> DATA TO USE
== == ==

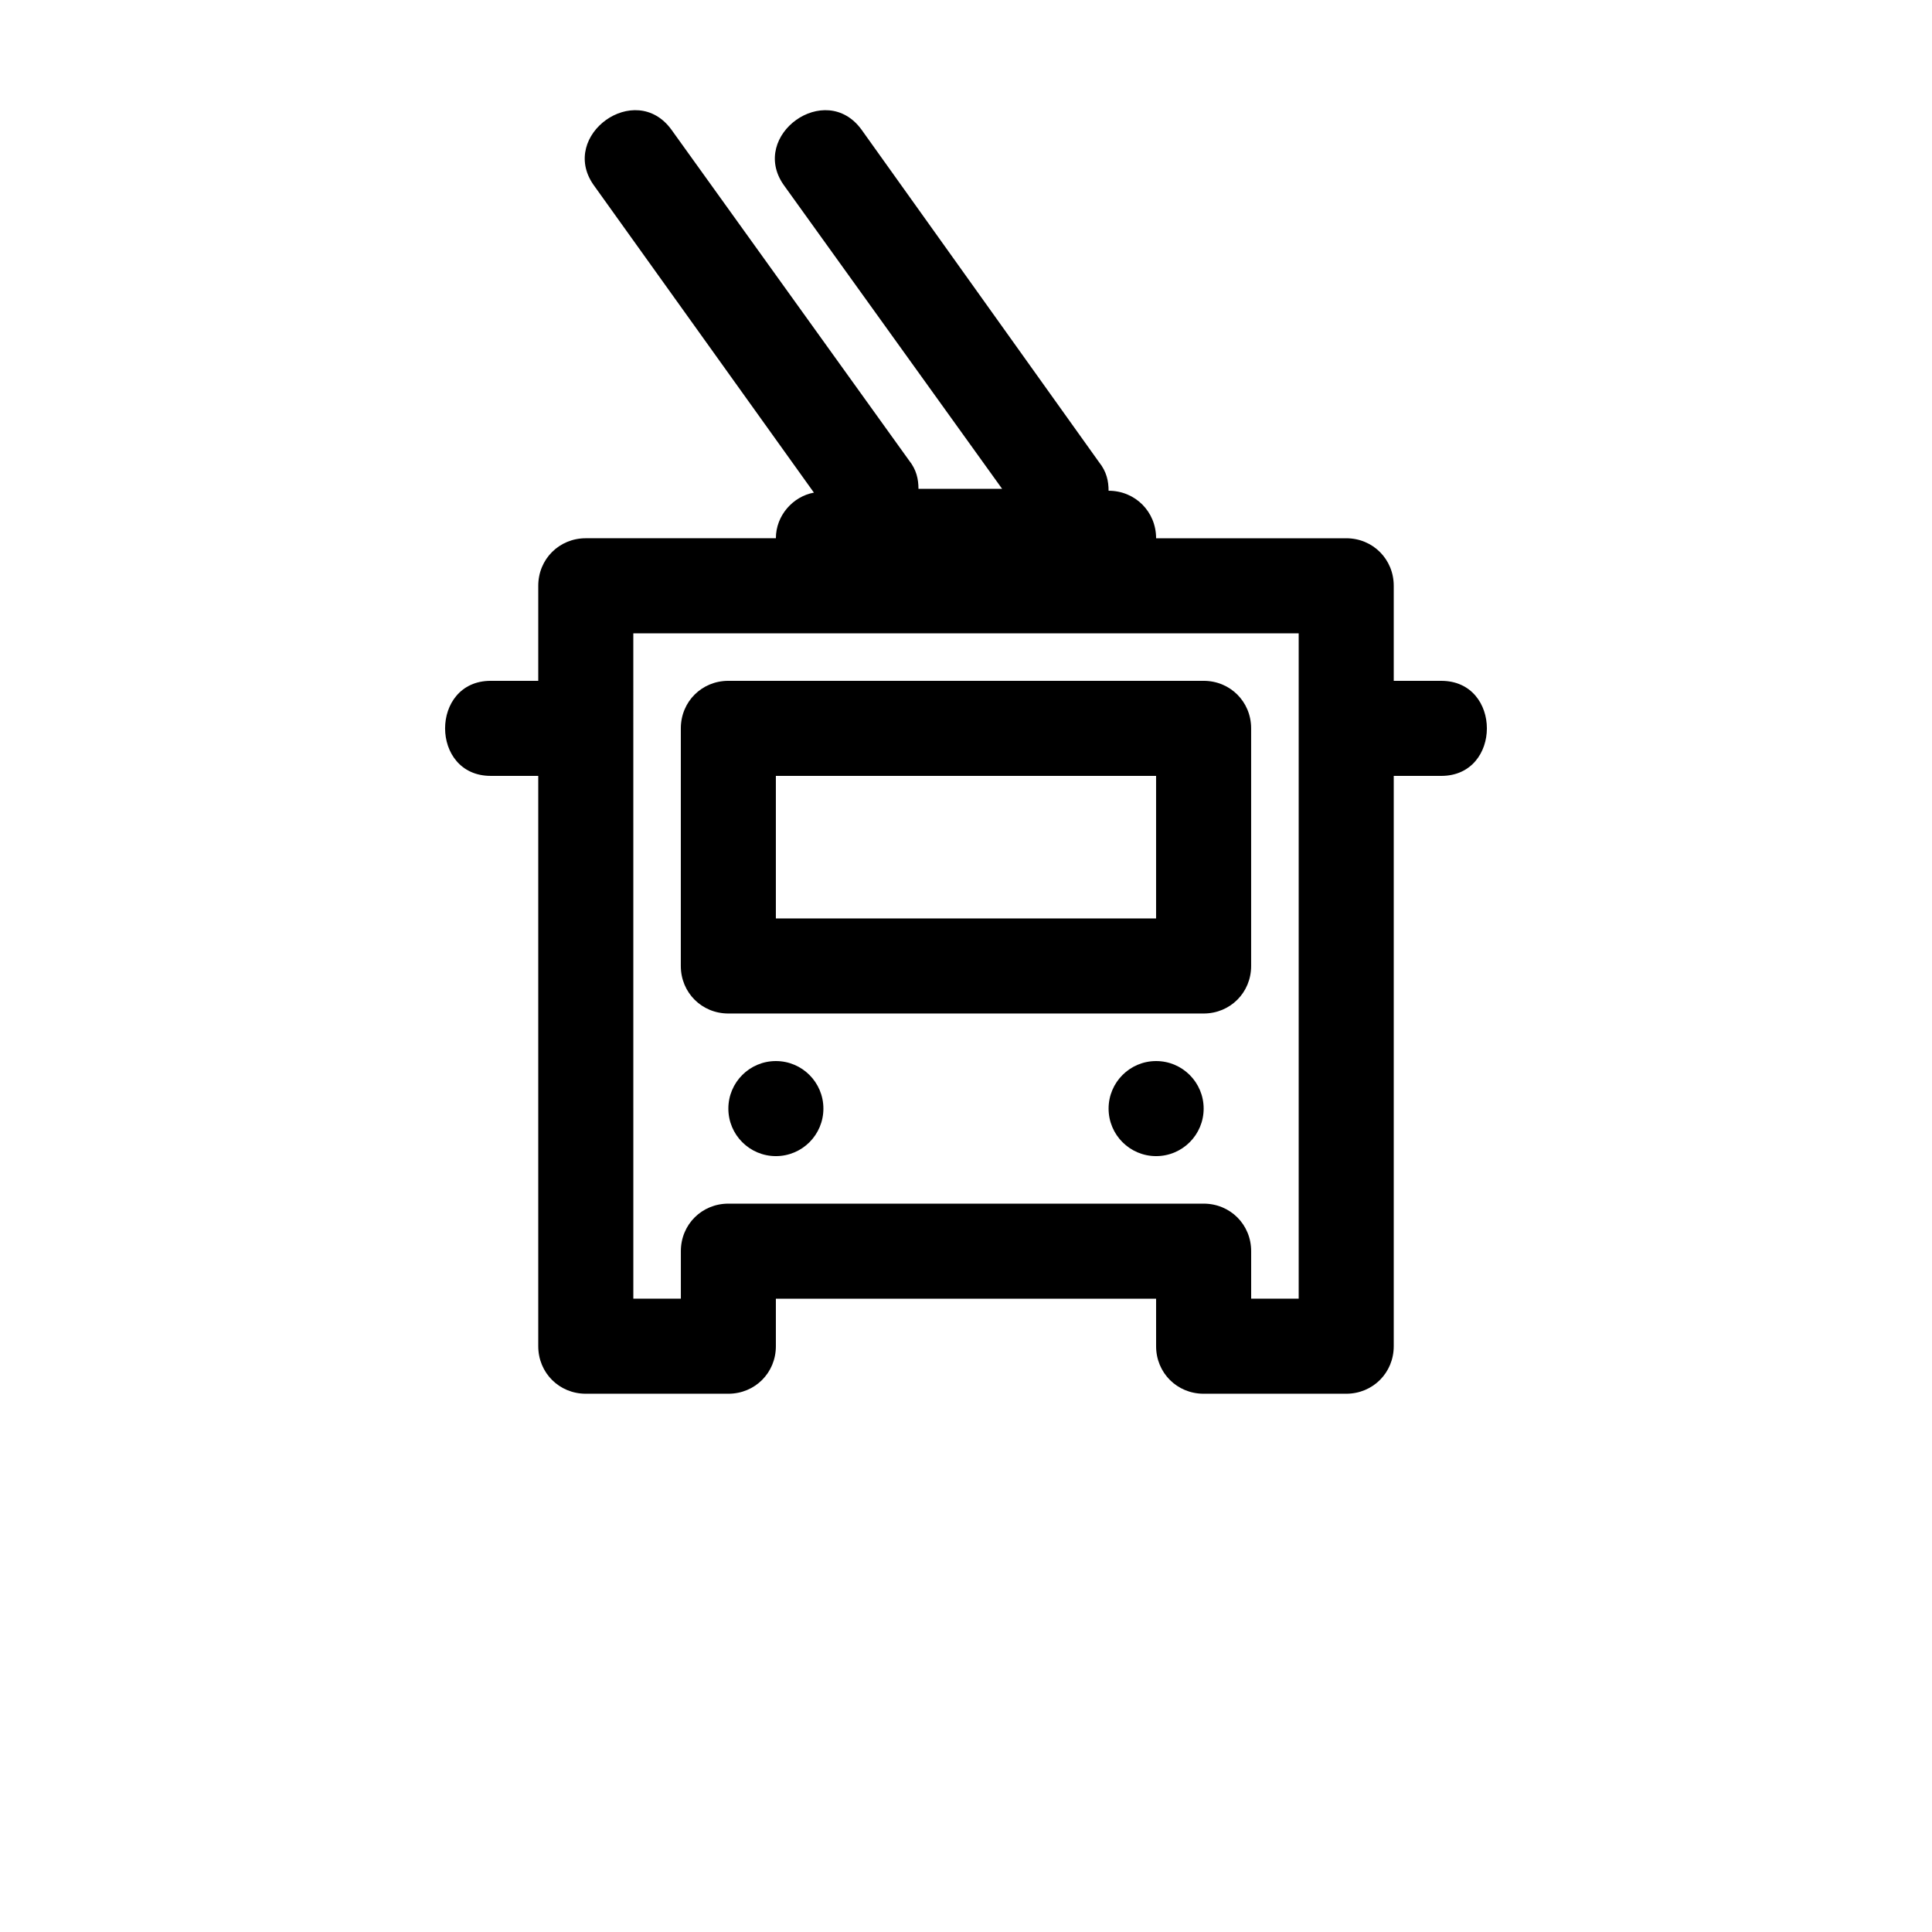 <?xml version="1.0" encoding="UTF-8"?>
<!-- The Best Svg Icon site in the world: iconSvg.co, Visit us! https://iconsvg.co -->
<svg fill="#000000" width="800px" height="800px" version="1.1" viewBox="144 144 512 512" xmlns="http://www.w3.org/2000/svg">
 <g>
  <path d="m337.02 412.59h125.95c7.055 0 12.594-5.543 12.594-12.594v-62.977c0-7.055-5.543-12.594-12.594-12.594h-125.95c-7.055 0-12.594 5.543-12.594 12.594l-0.004 62.977c0 7.051 5.543 12.594 12.598 12.594zm12.594-62.977h100.76v37.785h-100.76z"/>
  <path d="m274.05 349.62h12.594v151.14c0 7.055 5.543 12.594 12.594 12.594h37.785c7.055 0 12.594-5.543 12.594-12.594v-12.594h100.76l0.004 12.594c0 7.055 5.543 12.594 12.594 12.594h37.789c7.055 0 12.594-5.543 12.594-12.594v-151.14h12.594c16.121 0 16.121-25.191 0-25.191h-12.594v-25.191c0-7.055-5.543-12.594-12.594-12.594h-50.383c0-7.055-5.543-12.594-12.594-12.594 0-2.519-0.504-5.039-2.519-7.559l-62.977-88.164c-9.574-13.098-29.727 1.512-20.656 14.609l57.938 80.609h-22.168c0-2.519-0.504-5.039-2.519-7.559l-62.977-87.66c-9.574-13.098-29.727 1.512-20.656 14.609l58.445 81.617c-5.543 1.008-10.078 6.047-10.078 12.09h-50.379c-7.055 0-12.594 5.543-12.594 12.594v25.191h-12.598c-16.121 0-16.121 25.191 0 25.191zm37.785-37.785h176.33v176.33h-12.594v-12.594c0-7.055-5.543-12.594-12.594-12.594h-125.95c-7.055 0-12.594 5.543-12.594 12.594v12.594h-12.594z"/>
  <path d="m362.21 437.79c0 6.957-5.637 12.594-12.594 12.594-6.957 0-12.594-5.637-12.594-12.594 0-6.957 5.637-12.598 12.594-12.598 6.957 0 12.594 5.641 12.594 12.598"/>
  <path d="m462.98 437.79c0 6.957-5.641 12.594-12.598 12.594-6.957 0-12.594-5.637-12.594-12.594 0-6.957 5.637-12.598 12.594-12.598 6.957 0 12.598 5.641 12.598 12.598"/>
 </g>
</svg>

== == ==

> TRY IT
Write out each entry again exactly, and skip the pictures.

> RESULT
 <?xml version="1.0" encoding="UTF-8"?>
<!-- The Best Svg Icon site in the world: iconSvg.co, Visit us! https://iconsvg.co -->
<svg fill="#000000" width="800px" height="800px" version="1.1" viewBox="144 144 512 512" xmlns="http://www.w3.org/2000/svg">
 <g>
  <path d="m337.02 412.59h125.95c7.055 0 12.594-5.543 12.594-12.594v-62.977c0-7.055-5.543-12.594-12.594-12.594h-125.95c-7.055 0-12.594 5.543-12.594 12.594l-0.004 62.977c0 7.051 5.543 12.594 12.598 12.594zm12.594-62.977h100.76v37.785h-100.76z"/>
  <path d="m274.05 349.62h12.594v151.14c0 7.055 5.543 12.594 12.594 12.594h37.785c7.055 0 12.594-5.543 12.594-12.594v-12.594h100.76l0.004 12.594c0 7.055 5.543 12.594 12.594 12.594h37.789c7.055 0 12.594-5.543 12.594-12.594v-151.14h12.594c16.121 0 16.121-25.191 0-25.191h-12.594v-25.191c0-7.055-5.543-12.594-12.594-12.594h-50.383c0-7.055-5.543-12.594-12.594-12.594 0-2.519-0.504-5.039-2.519-7.559l-62.977-88.164c-9.574-13.098-29.727 1.512-20.656 14.609l57.938 80.609h-22.168c0-2.519-0.504-5.039-2.519-7.559l-62.977-87.66c-9.574-13.098-29.727 1.512-20.656 14.609l58.445 81.617c-5.543 1.008-10.078 6.047-10.078 12.09h-50.379c-7.055 0-12.594 5.543-12.594 12.594v25.191h-12.598c-16.121 0-16.121 25.191 0 25.191zm37.785-37.785h176.33v176.33h-12.594v-12.594c0-7.055-5.543-12.594-12.594-12.594h-125.95c-7.055 0-12.594 5.543-12.594 12.594v12.594h-12.594z"/>
  <path d="m362.21 437.79c0 6.957-5.637 12.594-12.594 12.594-6.957 0-12.594-5.637-12.594-12.594 0-6.957 5.637-12.598 12.594-12.598 6.957 0 12.594 5.641 12.594 12.598"/>
  <path d="m462.98 437.79c0 6.957-5.641 12.594-12.598 12.594-6.957 0-12.594-5.637-12.594-12.594 0-6.957 5.637-12.598 12.594-12.598 6.957 0 12.598 5.641 12.598 12.598"/>
 </g>
</svg>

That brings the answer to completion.